What Has the Navy Learned from Collisions at Sea?
Video of an Accident in 1969
I was still in high school when this accident happened…
But the accident seems strikingly similar to more recent accidents where junior officers made mistakes in the middle of the night resulting in ships colliding.
Common Factor: Discipline
What is one of the US Navy’s swiftest actions after a collision at sea? Discipline.
You would think that after all the discipline that has been handed out after collisions, Officers or the Deck would stop making errors that cause collisions, and Commanding Officers would be better leaders. After all, look at all these examples going back to 1945…
And that’s just the most serious incidents before the Fitzgerald and the McCain collisions.
Do the similarities in these incidents indicate anything?
Discipline is Ineffective at Preventing Future Accidents
Firing the Commanding Officer after a collision at sea or a vessel grounding is standard procedure in the US Navy. Many senior officers will swear that it is necessary. The CO must be held accountable!
But if the factors that caused the collision are:
- poorly trained officers
- excessive operating tempo (too many missions for too few ships)
- insufficient staffing
- poorly human-factored displays and controls
- insufficient maintenance (backlogged due to budget constraints and repair parts/facilities unavailability)
How does holding someone accountable fix these problems? Are the Officer of the Deck or the Commanding Officer in control of these factors?
For example, about 20 years ago, the decision was made by senior naval leaders to:
- Cut staffing aboard modern ships
- Reduce conventional training of junior officers and instead give them a CD with training on it (that they could review in their spare time)

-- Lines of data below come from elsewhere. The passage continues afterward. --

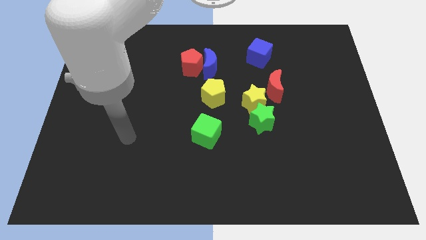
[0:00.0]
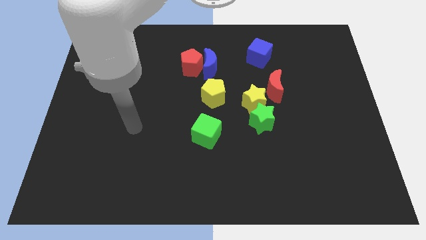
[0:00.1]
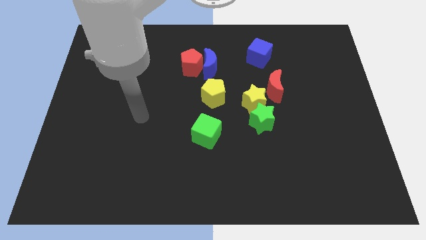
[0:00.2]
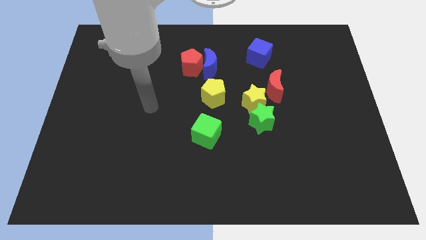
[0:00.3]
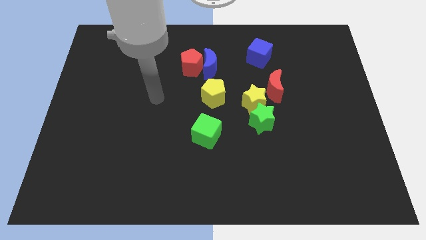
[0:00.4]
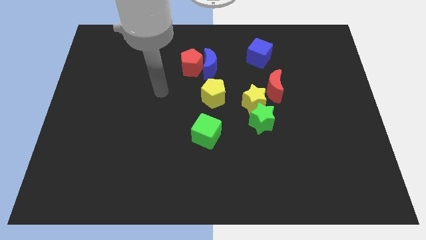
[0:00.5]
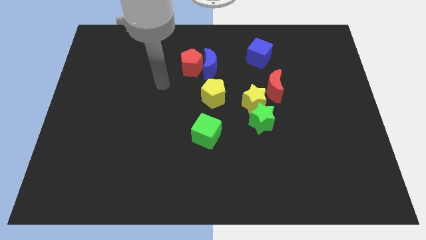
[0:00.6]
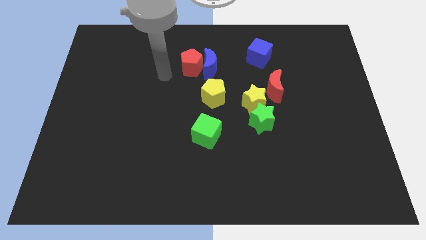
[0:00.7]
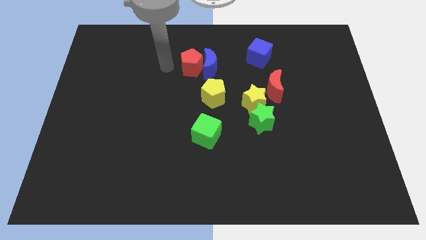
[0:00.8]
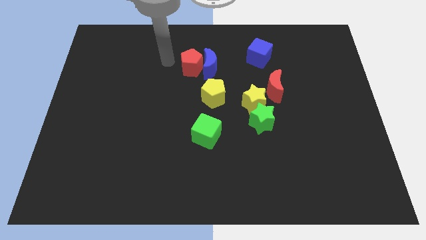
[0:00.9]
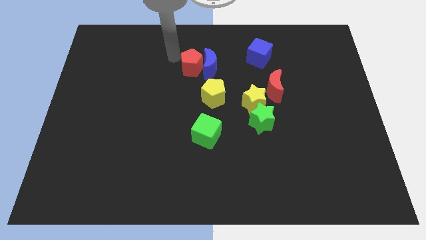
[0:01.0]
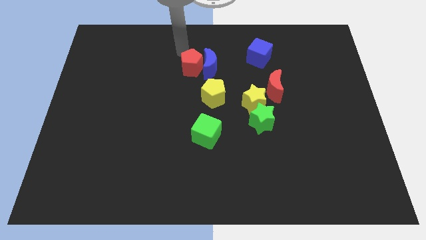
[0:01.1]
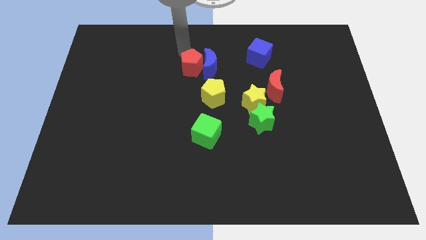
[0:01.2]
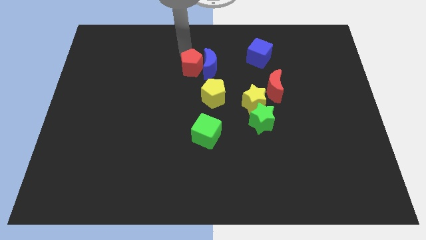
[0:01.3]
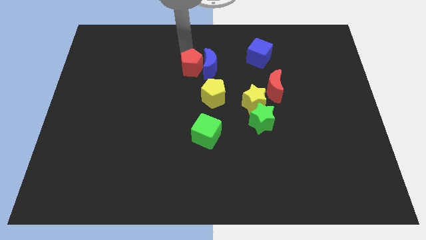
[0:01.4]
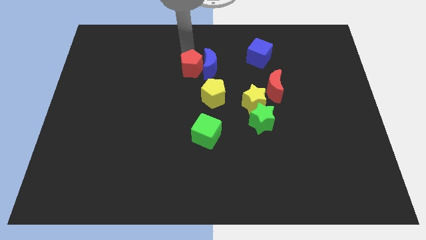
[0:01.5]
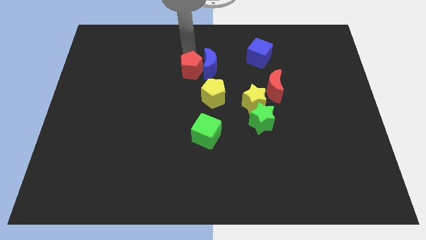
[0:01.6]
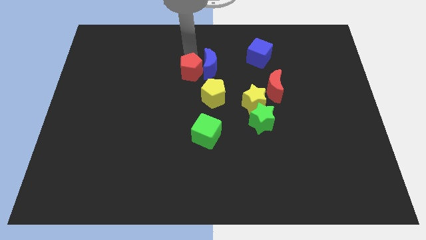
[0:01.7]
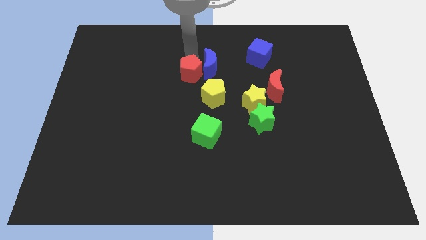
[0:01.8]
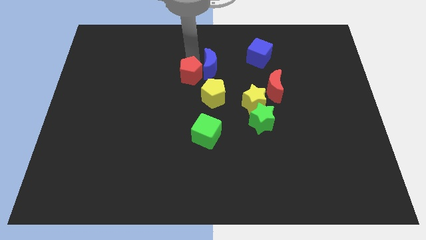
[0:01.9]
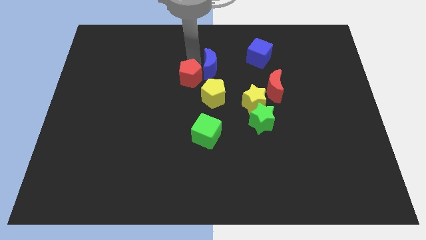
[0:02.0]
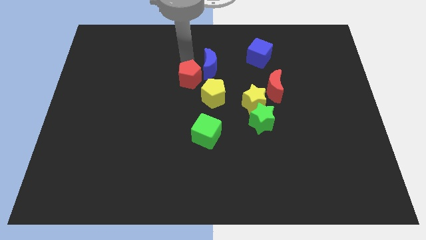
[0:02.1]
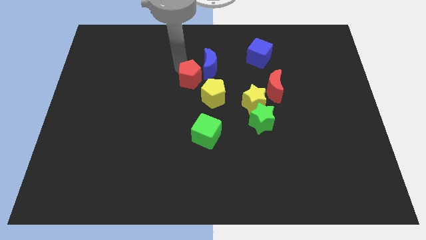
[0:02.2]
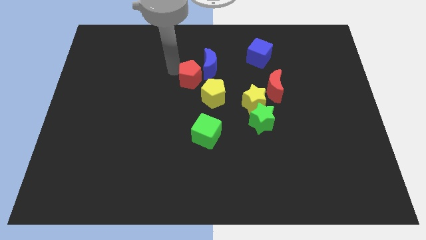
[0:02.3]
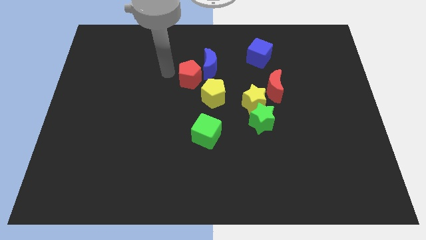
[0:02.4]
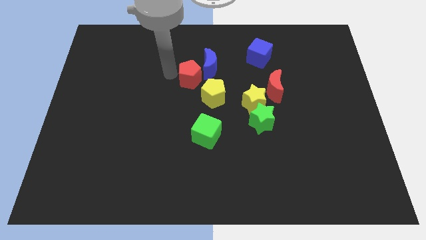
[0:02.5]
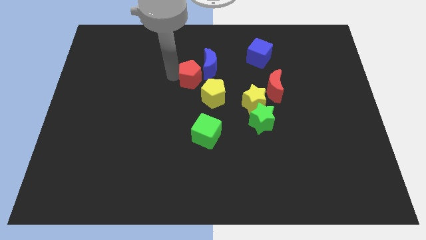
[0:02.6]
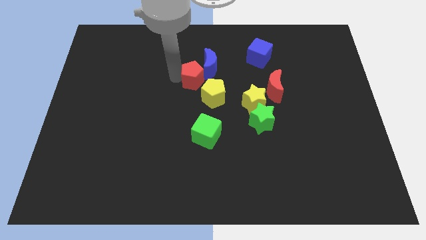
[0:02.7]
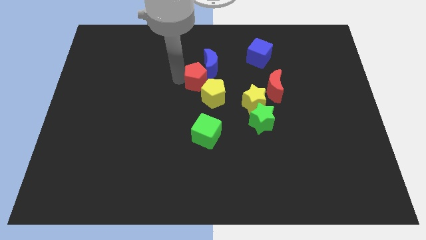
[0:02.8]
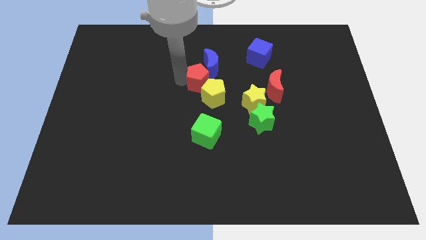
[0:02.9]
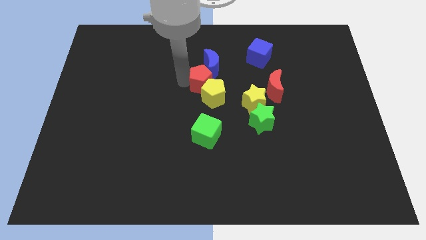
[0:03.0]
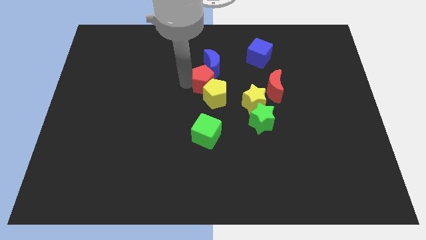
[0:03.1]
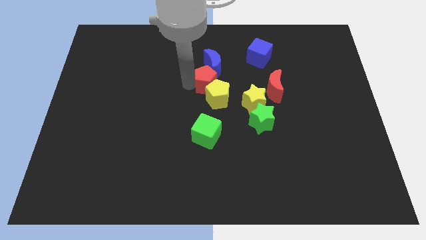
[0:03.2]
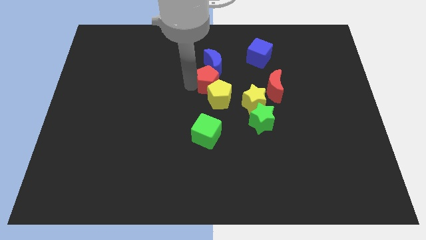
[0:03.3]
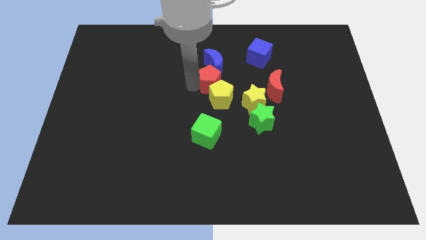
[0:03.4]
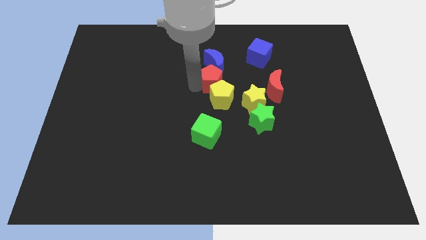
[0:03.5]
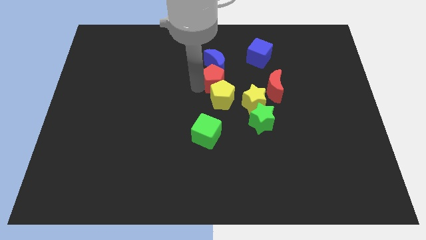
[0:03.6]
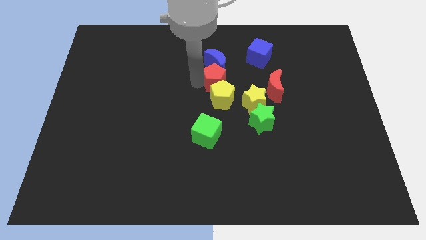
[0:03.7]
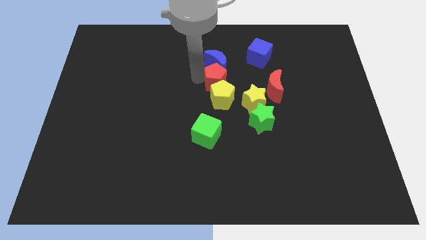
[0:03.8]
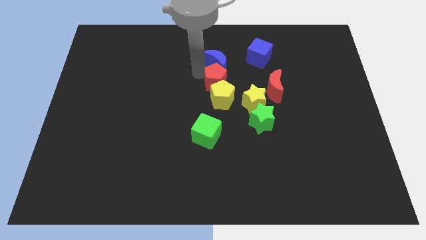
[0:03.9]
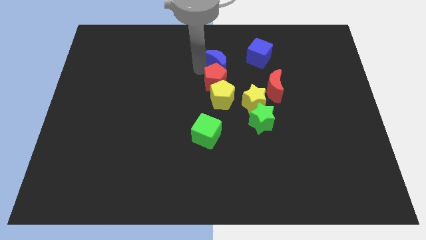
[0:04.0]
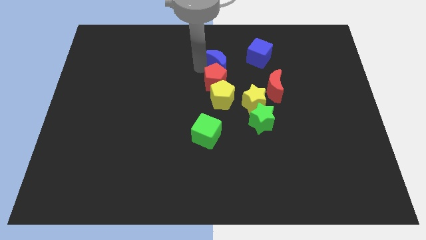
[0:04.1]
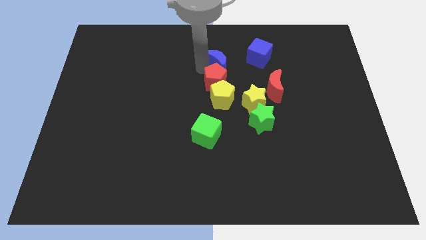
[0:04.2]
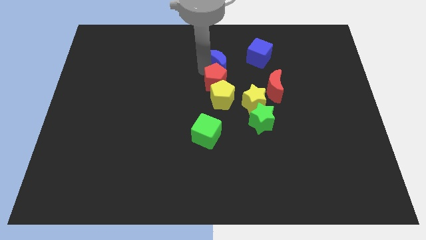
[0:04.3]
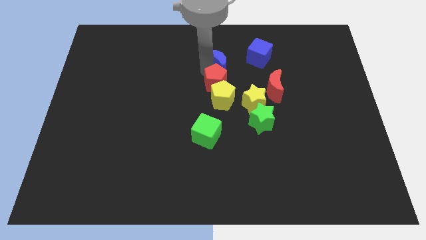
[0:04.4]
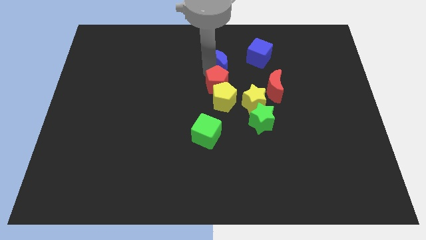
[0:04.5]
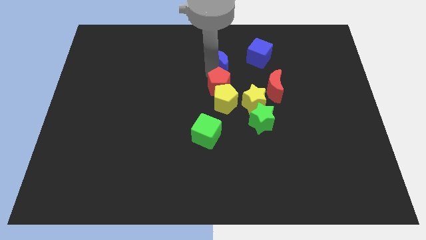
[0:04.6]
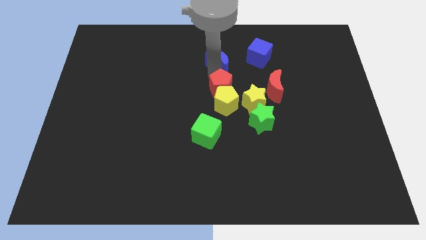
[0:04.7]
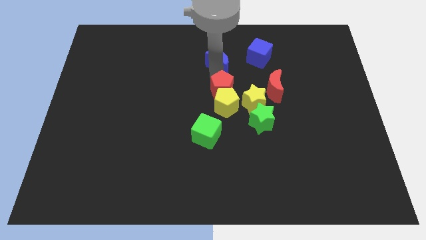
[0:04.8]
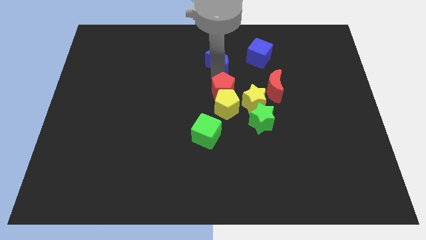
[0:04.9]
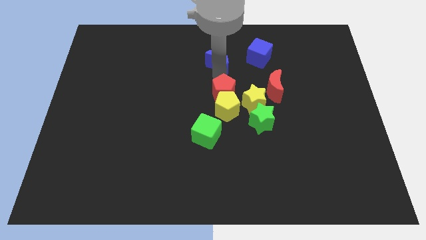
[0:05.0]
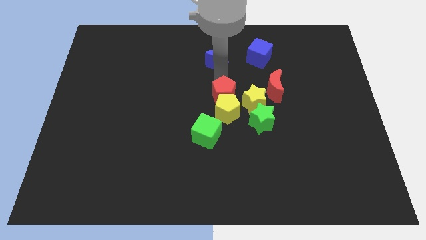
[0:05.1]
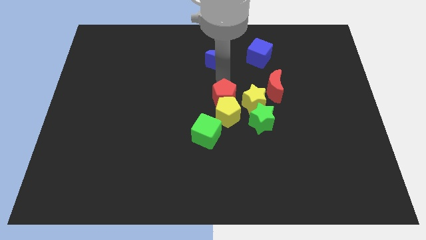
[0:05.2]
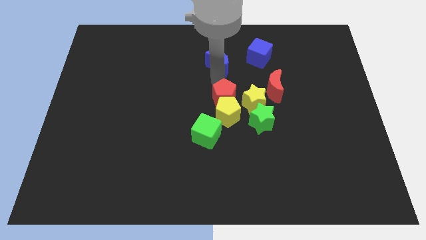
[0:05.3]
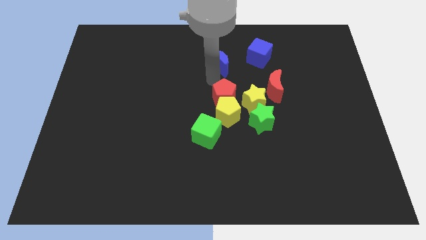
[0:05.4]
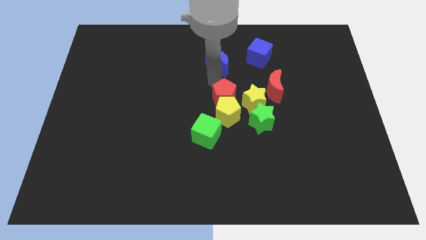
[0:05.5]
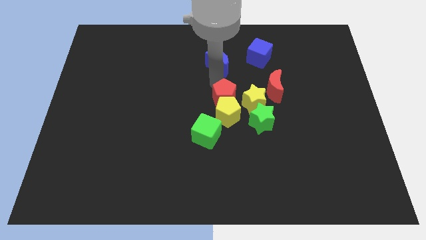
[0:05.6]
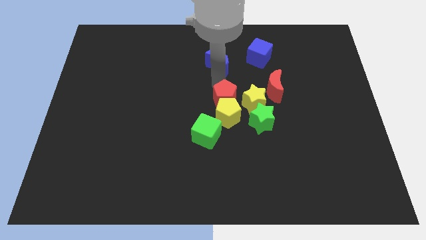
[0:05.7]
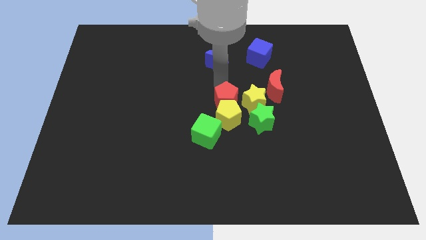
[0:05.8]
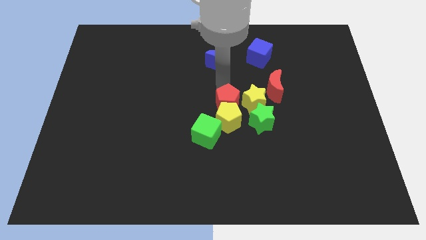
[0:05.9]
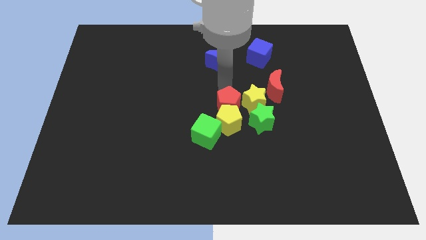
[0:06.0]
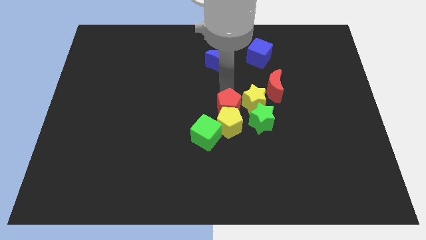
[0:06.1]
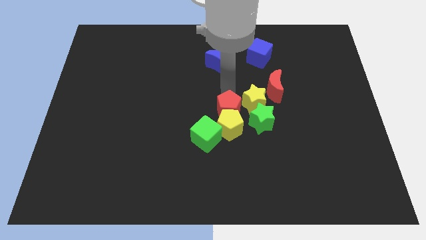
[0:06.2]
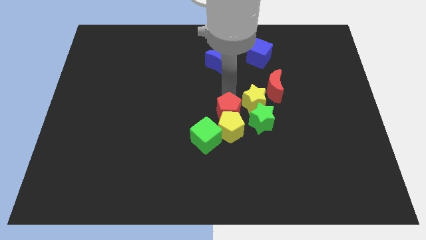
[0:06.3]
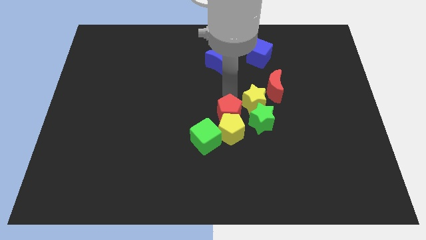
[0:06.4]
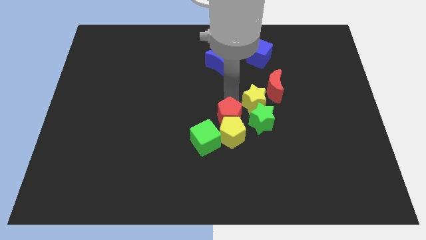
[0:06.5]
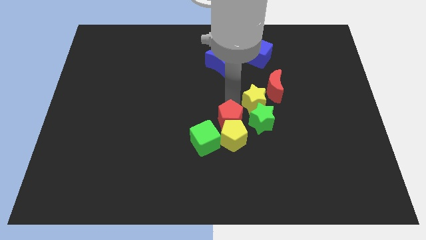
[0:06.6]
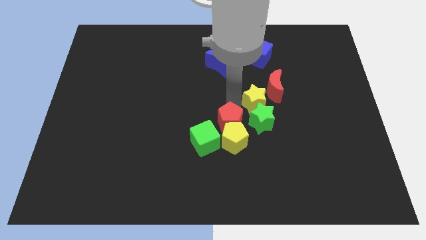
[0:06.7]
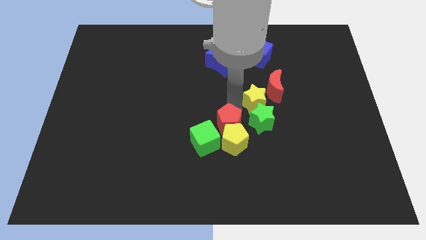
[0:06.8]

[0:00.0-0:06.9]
put the red pentagon to the right side of the green cube

- Implement more automation to reduce requirements for trained crewmembers
- Shift responsibility for more maintenance to shore repair facilities and reduce maintenance personnel on the ships
- Reduce the number of ships to cut the Navy’s budget
This was done because, after all, the cold war was over, and the operating tempo in the Navy would be reduced.
The War on Terror increased problems because budget cuts reduced training for ships because the money was needed for the wars in Iraq and Afghanistan.
Also, senior brass decided that the career development of officers would be changed, and tours in other branches (liaisons with the Air Force, the Army, or the Executive Branch or non-seagoing jobs in Iraq or Afghanistan) would substitute for experience at sea.
Thus, the seagoing senior officers (COs, XOs, and Department Heads) who now have the responsibility to train more junior officers have less experience and training because of decisions that reduced their training and experience when they were junior officers.
What about the operating tempo? Did it decrease?
It might even be worse now than at the height of the cold war when we fought in Viet Nam.
But are any of these decisions discussed when an accident happens?
Just blame (and punish) the OOD and the Captain. Have a Navy-wide safety standdown. And pledge to take other unspecified actions to ensure “this accident will never happen again” without addressing the underlying root causes.
Ineffective Root Cause Analysis and Corrective Actions
If you never find the real root causes of the collisions and take effective actions to change the system, you will continue to have serious collisions for the same reasons.
In fact, perhaps the best performance indicator for the effectiveness of your root cause analysis and corrective actions is the prevention of future accidents.
However, major collisions at sea don’t happen frequently.
For example, the two collisions in 2017 of two separate DDGs with commercial vessels that resulted in 17 dead sailors are rare. Two collisions in a short period of time are abnormal. Usually, there are several years (but less than a decade) between major accidents aboard Navy vessels (including fires, groundings, and collisions).
So, it can appear that discipline and stand-downs work because major accidents are infrequent. However, if the underlying problems aren’t solved, the problems are lying in wait for another crew on another ship.
Why Does This Bother Me?
Stopping major accidents and the loss of the lives of sailors is personal to me. I was an officer aboard two Navy cruisers and was personally responsible for the lives of over 100 people.
When I was the OOD, I bore responsibility for any collision or grounding.
Luckily, I made the right decisions and avoided potential accidents.
I was part of a system that included fatigue.
But since I left the Navy back in 1985, the staffing, training, and maintenance problems have gotten worse.
Perhaps now is the time for the U.S. Navy to learn the fundamentals of root cause analysis and apply them to prevent future accidents.